In Maya Gurung-Russell Campbell’s Tricolour Standard (2026), process is inseparable from material history. Deconstructed and dyed Union Jack and St George’s flags are knotted with rope, cotton, jute fibre, and military surplus materials, functioning as markers of movement, location, and contested identity. Through acts of binding and transformation, the work treats the past as something materially reconfigured rather than symbolically preserved.


Lyndon Barrois Jr.’s Trunk Show (after Henry Van de Velde & Hergé) (2025) reflects on histories of resource extraction and their influence on artistic form. Positioned within a broader narrative-driven practice, the work reframes style as a byproduct of material circulation and colonial economies, presenting the object as a fragment within an ongoing script.


Simon Moretti’s work in neon entr’acte (2022) introduces a deliberate interruption into the exhibition. Drawing on the legacy of 1970s conceptual art—particularly the text-based works of Joseph Kosuth and Lawrence Weiner—the piece foregrounds the interval itself as a site pregnant with meaning. Like these artists, Moretti uses language not simply as a caption but as the material of the artwork itself. The title also echoes Francis Picabia’s 1924 film Entr'acte, a Dadaist interlude designed to disrupt narrative continuity. 


Jhonatan Pulido’s Ebanisteria (2025-2026) revisits the streets of rural Colombia, shaped by histories of civil unrest and social fracture. Evoking gestures of repair and reconstruction, the work extends beyond the personal to implicate the collective body — a recurring concern within Pulido’s practice. Acts of making amends are materially manifest in the many strata of the painting–the subtle pentimenti that trace layers of both memory and longing.  


Margarita Gluzberg’s Green Influence 1960/2020 Mix (2023)  assembles historical pastel colour palettes sourced from the United States and Eastern Europe, producing a constellation of visual echoes extended across time.
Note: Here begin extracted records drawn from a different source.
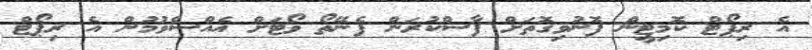
އެ ރިޕޯޓް ކޮމިޓީން ފޮނުވިގޮތަށް ފާސްކުރަން ފެނޭތޯ ވޯޓަށް އެއްސެވުމުން އެ ރިޕޯޓް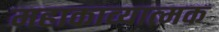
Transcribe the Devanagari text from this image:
महाकाव्‍यात्‍मक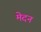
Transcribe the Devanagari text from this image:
मेदन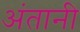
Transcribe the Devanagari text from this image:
अंतानी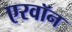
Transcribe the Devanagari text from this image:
एरवॉन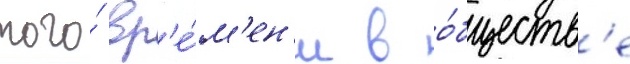
того́ вр'е́м'ен'и в о́бществ'е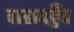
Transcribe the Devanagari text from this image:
वाह्यपहुँच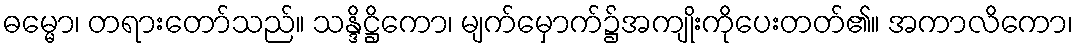
ဓမ္မော၊ တရားတော်သည်။ သန္ဒိဋ္ဌိကော၊ မျက်မှောက်၌အကျိုးကိုပေးတတ်၏။ အကာလိကော၊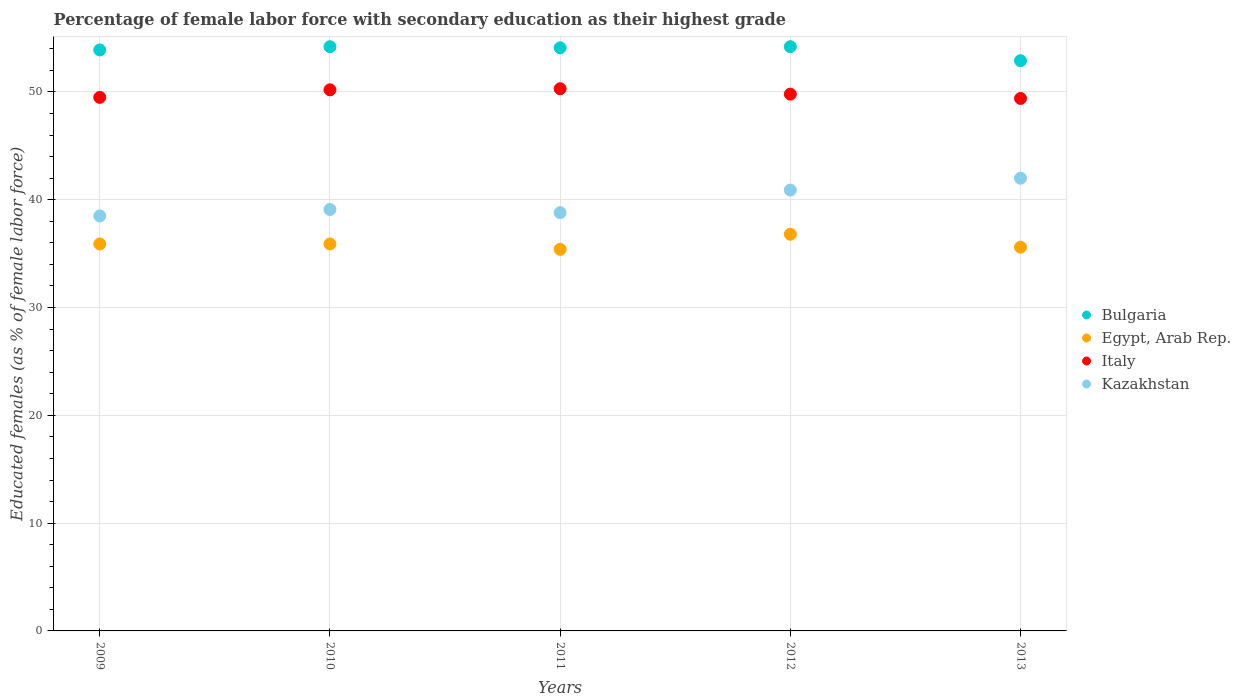
| Years | Bulgaria | Egypt, Arab Rep. | Italy | Kazakhstan |
 | --- | --- | --- | --- | --- |
 | 2009 | 53.9 | 35.9 | 49.5 | 38.5 |
 | 2010 | 54.2 | 35.9 | 50.2 | 39.1 |
 | 2011 | 54.1 | 35.4 | 50.3 | 38.8 |
 | 2012 | 54.2 | 36.8 | 49.8 | 40.9 |
 | 2013 | 52.9 | 35.6 | 49.4 | 42 |

The piece functions as a form of temporal transmission, collapsing historical distance into a continuous exchange between the reanimation of a past complete with its projective and imagined futures.
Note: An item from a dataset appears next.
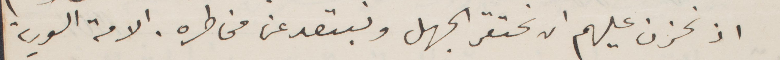
اذ نحزن عليهم ان نحتقر الجهل ونبتعد عن مخاطره. الامة السورية

In New Leg at Roehampton (Soldier Receiving an Artificial Leg 1915) (2026), a ceramic sculpture paired with a blunted paper stump—first conceived during research at the Henry Moore Institute and later developed while in residency at The Art House in Wakefield—Terence Birch stages the disabled and debilitated body, masculinity, and aesthetic prejudice in order to question where self-worth might reside. Grounded in extensive photographic archival research at Roehampton Hospital—the site where modern prosthetics were developed in the UK in the aftermath of the First World War—Birch was drawn to images focusing on the relationship between patient and prosthetist, depicting scenes of plaster casting and the fitting of prosthetic legs, themselves sculptural processes.


Maria-Cristina Onea’s audio-visual installation Not All Birds Have Feathers (2025-2026) examines humanity’s long-standing fascination with flight, tracing the fragile boundary between reverence and conquest, emulation and control. The work unfolds in a liminal space that shifts between time and place, drawing on personal histories of migration and belonging to form a meditation on aspiration, freedom, and the weight of technological ambition. Accompanying the image carousel is an edited version of Lonesome Town by Ricky Nelson: ‘Maybe down in Lonesome Town, I can learn to forget.” quotes the song, underscoring the work’s tension between longing and loss.


Across the exhibition, the works resist singular readings, emphasising materiality and process while holding open a space of reflection. Positioned between conjunctures—historical, political, and perceptual—Between the Acts attends to the generative potential of a reflective pause as precursor to action.